The unit of work in ComputeCpp is known as a transaction. A transaction consists of the statements written inside a command_group submission. Each transaction is treated as an atomic operation by the runtime but a transaction goes through several stages during its lifetime. By default, the ComputeCpp profiler will record each stage of a transaction as a separate event. This is useful to identify bottlenecks in the transaction scheduling mechanism as one stage might be taking more time than it should due to an unsatisfied requisite. For very large applications, when the number of submissions is on the order of tens of thousands, it might be useful to represent all the individual transaction states as just a single event, which can be done by enabling this option.

link

force_queue_finish

Type: bool
Default: false
Professional Edition Feature

By default, ComputeCpp will call clFlush after each submit to ensure execution can start as soon as possible. However, some platforms require clFinish to be called or the work submitted will take a long time to start being executed so this option is provided to handle this situation. Note that clFinish is a blocking call that will wait for all the work in the queue to finish before returning. In the majority of scenarios, this option should not be enabled.

link

submit_memory_check

Type: bool
Default: false
Professional Edition Feature

ComputeCpp will track the amount of memory allocated in a device and will throw an exception if the device isn't available to allocate the memory. By enabling this option, the ComputeCpp runtime will perform extra checks before the allocation takes place, and throw a different exception with a more specific error message. However, this option is not enabled by default because the checks don't take into account virtual memory, so the checks might be too restrictive.

link

lock_memory_tracking

Type: bool
Default: false
Professional Edition Feature
This option only has an effect when submit_memory_check is enabled

When submit_memory_check is used in the context of multi-threaded applications it might be difficult to identify which submission is causing the device to run out of memory. Enabling this option will force the runtime to block the submission of work while these checks are being performed. It will cause a performance degradation, but it might make it easier to find the problematic submission so that the application can be refactored.

link

kernel_checks

Type: bool
Default: false
Professional Edition Feature
WARNING: Highly experimental feature
Enabling this option will implicitly enable verbose_output

Debugging compute kernels is a difficult process. To facilitate this, ComputeCpp has the capability to verify if a kernel is accessing memory outside of its available bounds and will try to report information to help developers identify where the problem is. Enabling this option will cause all memory accesses inside a kernel to be validated and will add a synchronization point after each submission. The verification needs to wait for a kernel to finish before executing the next kernel. This is a debugging feature and will cause large performance degradation, and as such should be used with caution.

link

host_ptr_flag

Type: multiple choice
Default: automatic
Professional Edition Feature

This option controls which host pointer flag to use when creating buffers. More information on this flag can be found in clCreateBuffer. The possible values are:

automatic: The runtime is allowed to choose the most appropriate flag.
none: Do not use any flag.
cl_alloc_host_ptr: Force the use of CL_MEM_ALLOC_HOST_PTR.
cl_use_host_ptr: Force the use of CL_MEM_USE_HOST_PTR.

link

page_size

Type: size_t
Default: 4096
Professional Edition Feature
See host_ptr_flag

Controls the page size used by ComputeCpp's default_allocator, the allocator used to allocate memory for buffers and images.

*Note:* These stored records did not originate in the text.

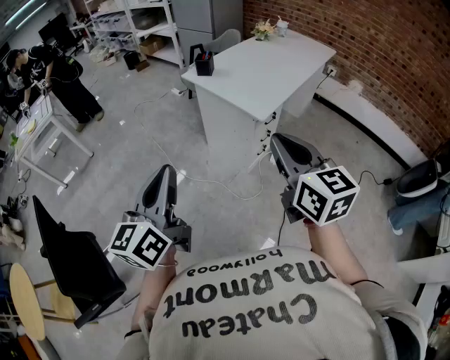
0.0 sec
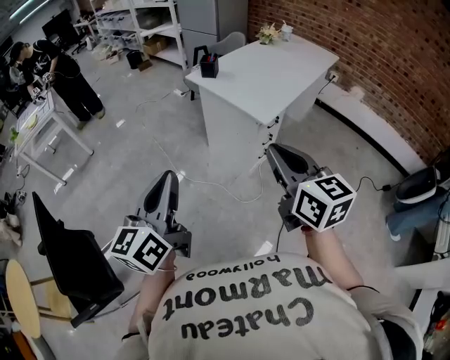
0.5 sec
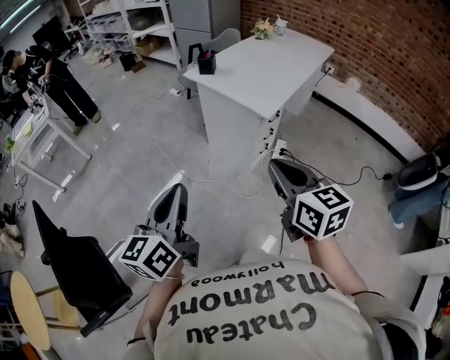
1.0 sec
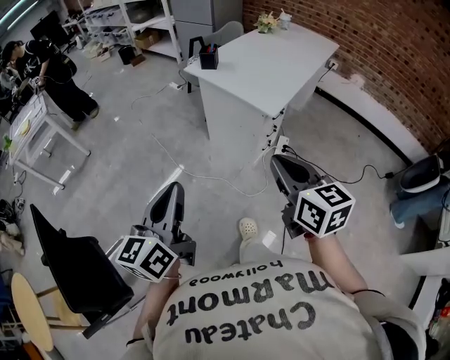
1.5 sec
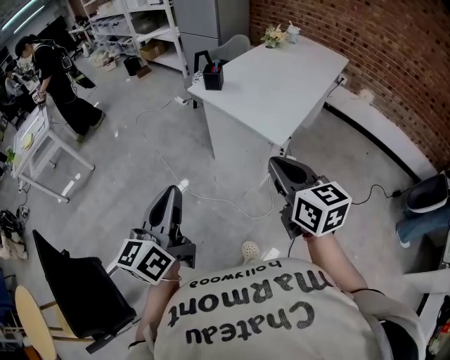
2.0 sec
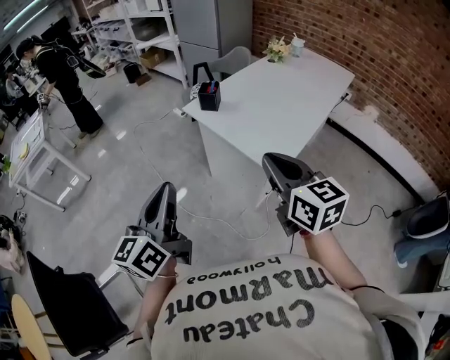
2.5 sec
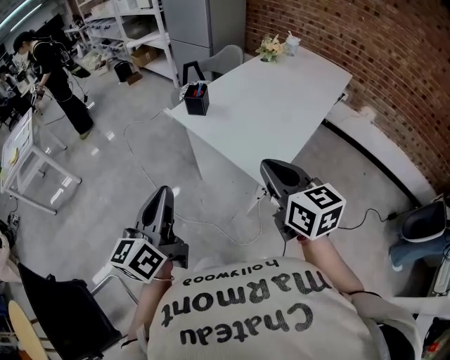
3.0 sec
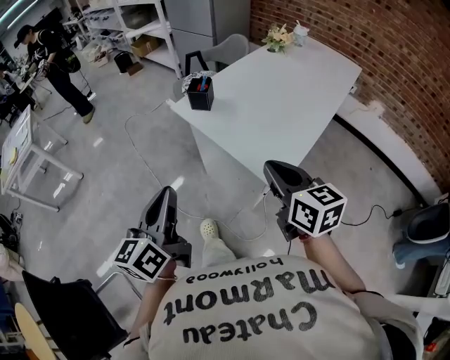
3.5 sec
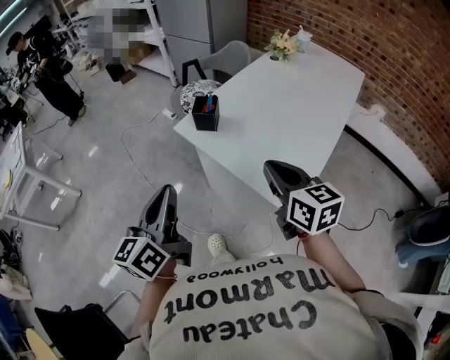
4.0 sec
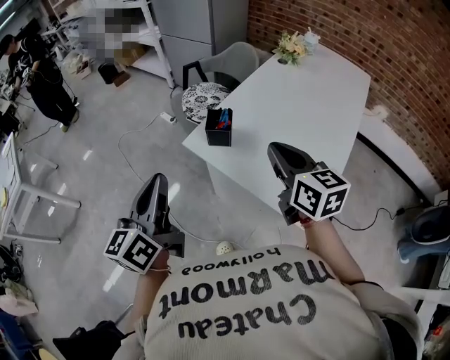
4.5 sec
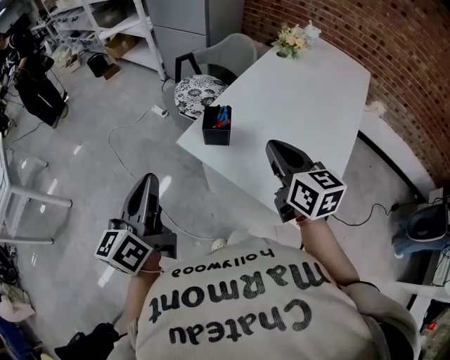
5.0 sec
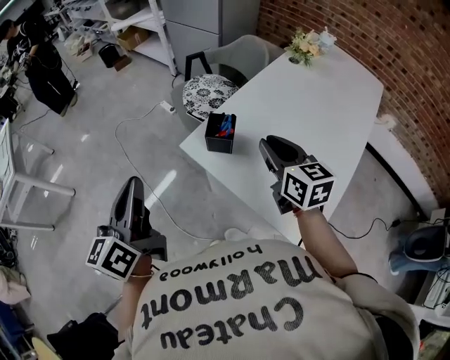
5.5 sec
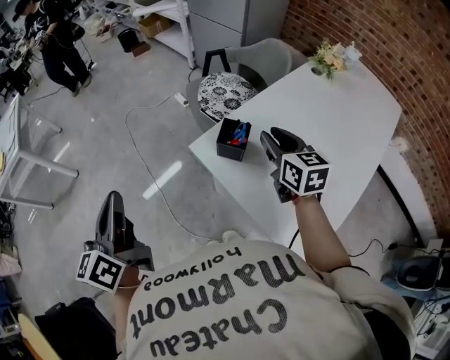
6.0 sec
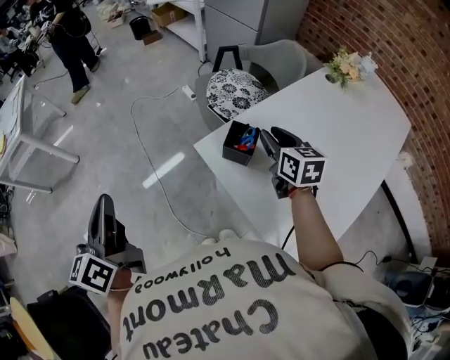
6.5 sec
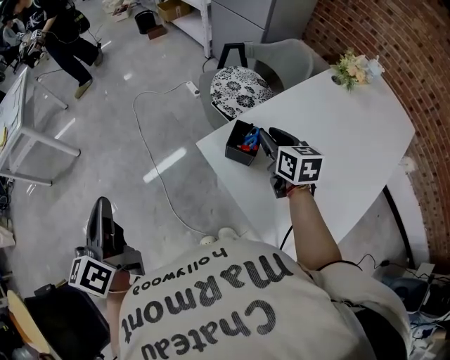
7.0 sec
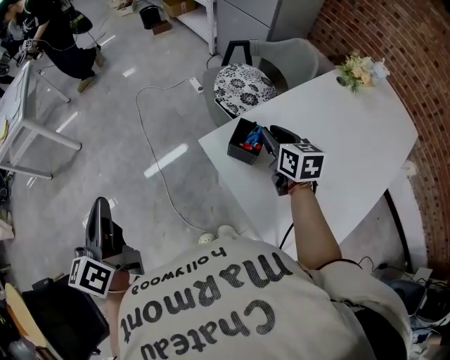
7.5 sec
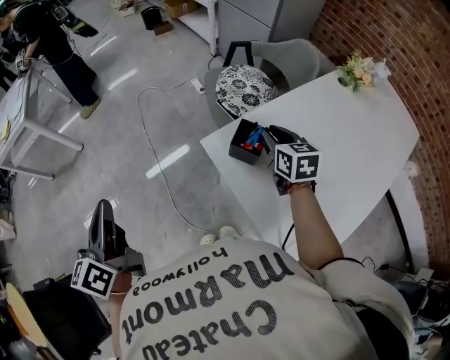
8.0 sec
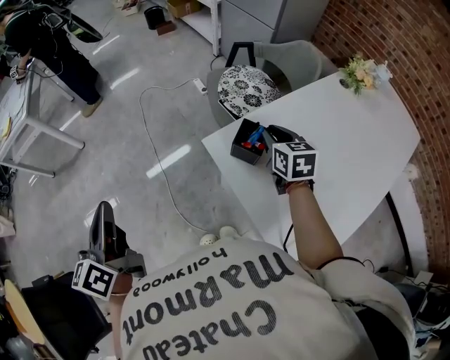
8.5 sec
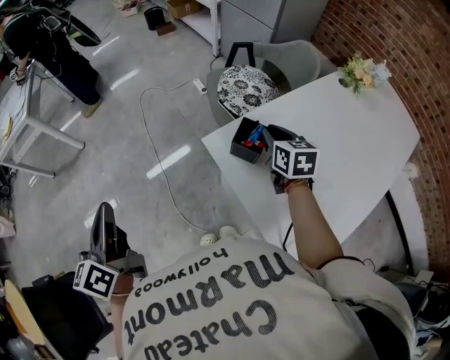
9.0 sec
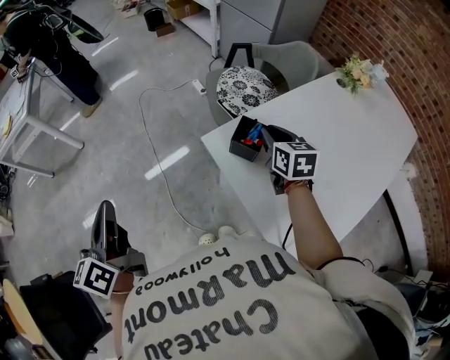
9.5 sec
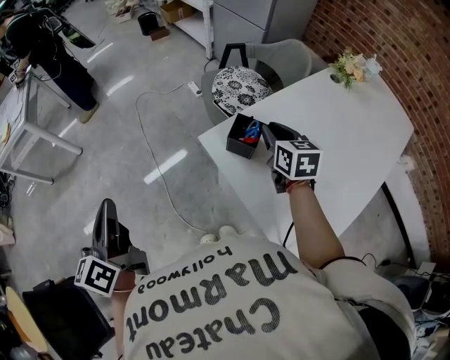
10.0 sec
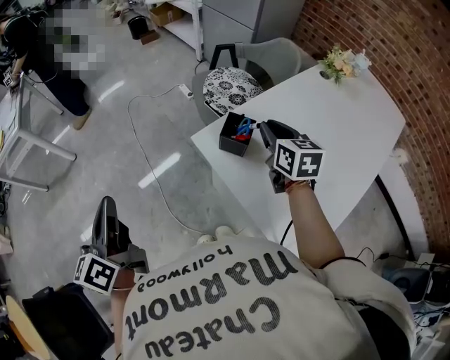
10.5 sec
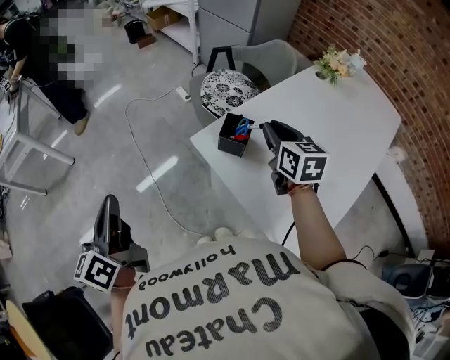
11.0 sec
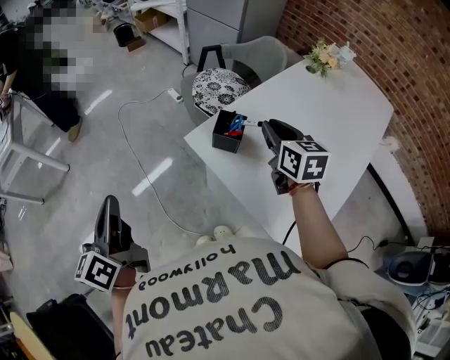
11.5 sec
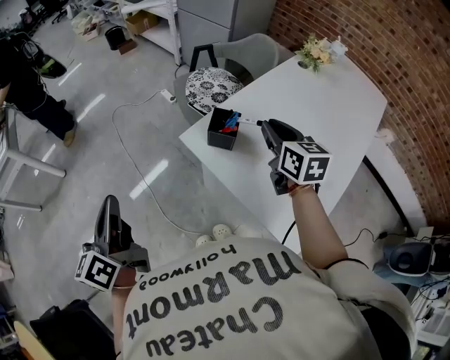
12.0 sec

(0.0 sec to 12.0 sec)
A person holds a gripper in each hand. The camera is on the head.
0.0 sec - 2.0 sec: The right gripper is displaced forward and downward by approximately 15 cm. The left gripper moves forward, roughly 15 cm.
2.0 sec - 4.0 sec: Both grippers move forward, approximately 35 cm.
4.0 sec - 6.0 sec: The right gripper travels forward by roughly 30 cm, and opens its fingers. The left gripper shifts approximately 25 cm forward and to the left, and rotates some 20 degrees.
6.0 sec - 8.0 sec: The left gripper moves some 5 cm. Meanwhile the right gripper goes some 10 cm forward and downward.
8.0 sec - 10.0 sec: The grippers make only small movements.
10.0 sec - 12.0 sec: The right gripper heads backward and upward, covering approximately 10 cm.

When CL_MEM_USE_HOST_PTR is used the application tells the OpenCL runtime that the memory referenced by the host pointer should be used as storage for the OpenCL memory object. In some implementations, using this option can cause data to be pinned so data movement between host and device is very efficient, however, one of the requirements is that memory needs to be aligned with the page size the device uses to transfer data. If the page size for a device is not equal to 4096, this option can be used to change it.

link

cache_line_size

Type: size_t
Default: 64
Professional Edition Feature
See host_ptr_flag

Controls the size multiplier used by the ComputeCpp default_allocator to allocate memory. This value should, ideally, be the size of the cache line of a given compute unit so memory allocation can be properly aligned.

link

max_running_transactions

Type: unsigned int
Default: 0
Professional Edition Feature

Controls the maximum number of simultaneous running transactions ComputeCpp is allowed to have. 0 means the runtime is allowed to choose this number. Setting this number to 1, for instance, means the runtime will wait for every kernel to finish before submitting another.

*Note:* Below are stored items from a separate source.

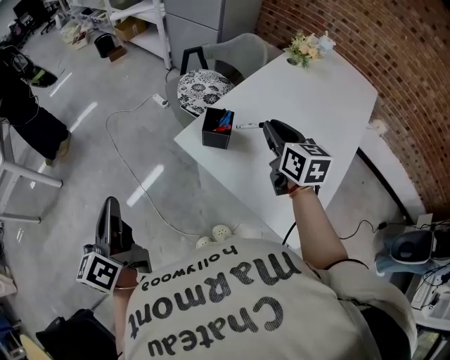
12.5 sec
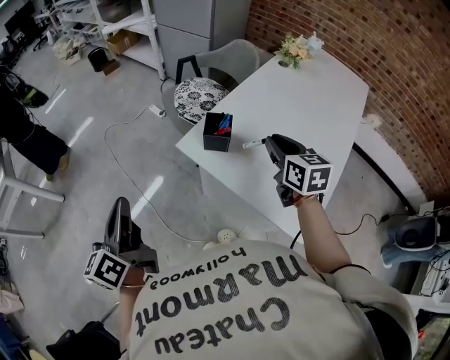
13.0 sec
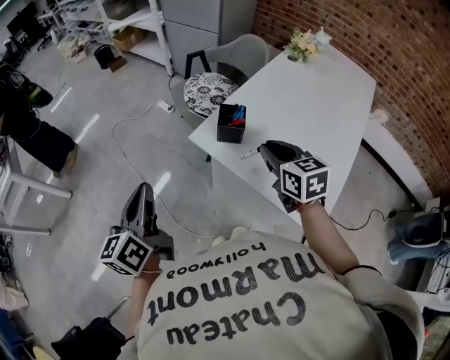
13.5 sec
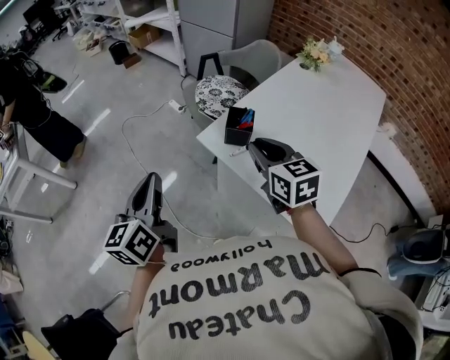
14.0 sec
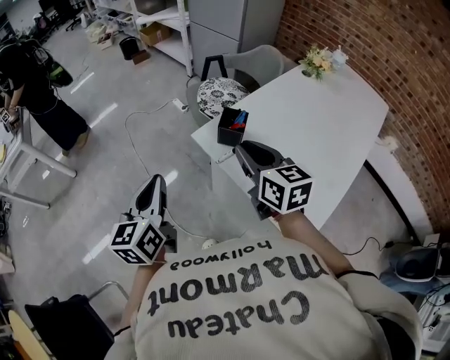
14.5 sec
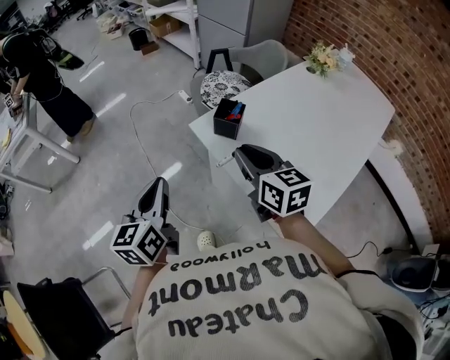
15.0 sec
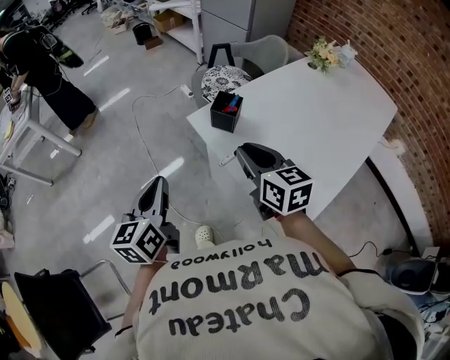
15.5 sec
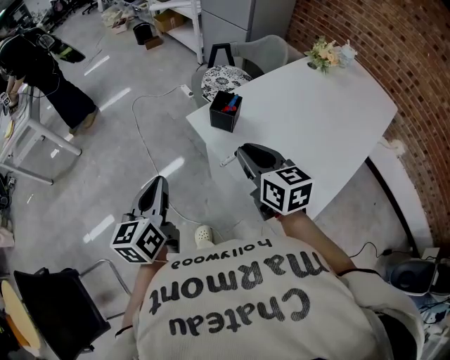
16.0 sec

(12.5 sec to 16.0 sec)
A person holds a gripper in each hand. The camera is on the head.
12.5 sec - 14.5 sec: The right gripper is displaced to the left and backward by approximately 15 cm, while the left gripper is displaced to the right by some 10 cm.
14.5 sec - 16.0 sec: Both grippers travel together backward, about 5 cm.

This number can be interpreted as the maximum number of command groups the runtime will submit to the OpenCL driver before waiting for others to finish. Note that while a queue only executes one kernel at a time, depending on the platform and device, the driver might lose performance when several kernels are submitted in a short period of time so this option can be used to limit the number of simultaneous submissions.

link

scheduler_sleep_time_ns

Type: unsigned long long
Default: 0
Professional Edition Feature
WARNING: Highly experimental feature

ComputeCpp's command group scheduler uses a thread to process incoming transactions. This thread uses, by default, a polling mechanism to see if the user has submitted a command group to be executed. When the application targets an accelerator device, like a GPU, this mechanism works well because the CPU is free to run the scheduler thread as fast as it can. In platforms where the device is the CPU itself, setting a sleep time for the scheduler thread can have performance benefits and can reduce power consumption as well.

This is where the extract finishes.